[[ Records for this exercise, beginning ]]

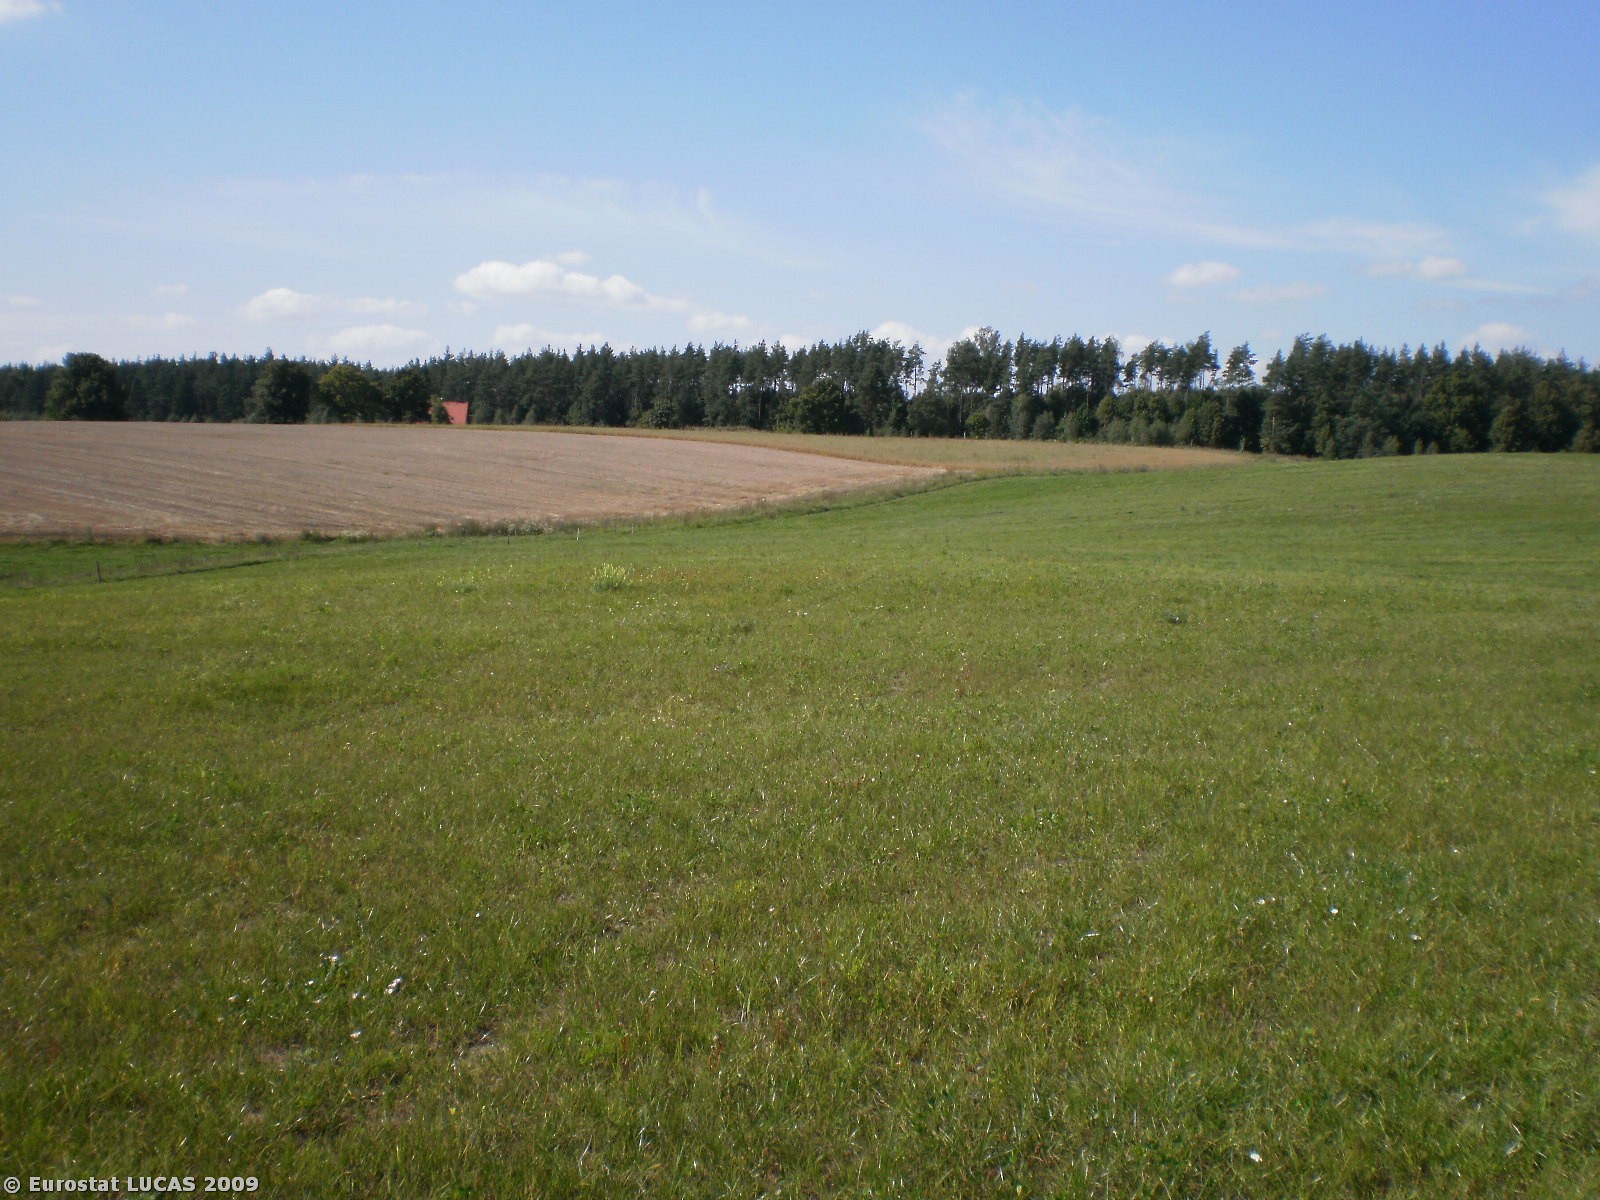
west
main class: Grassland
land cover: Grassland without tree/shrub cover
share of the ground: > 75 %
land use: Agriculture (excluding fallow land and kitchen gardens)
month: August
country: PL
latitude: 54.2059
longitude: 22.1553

[[ Records for this exercise, end ]]

### Action item
Exact copy, no pictures: reproduce every entry shown above.

### Answer to this exercise
west
main class: Grassland
land cover: Grassland without tree/shrub cover
share of the ground: > 75 %
land use: Agriculture (excluding fallow land and kitchen gardens)
month: August
country: PL
latitude: 54.2059
longitude: 22.1553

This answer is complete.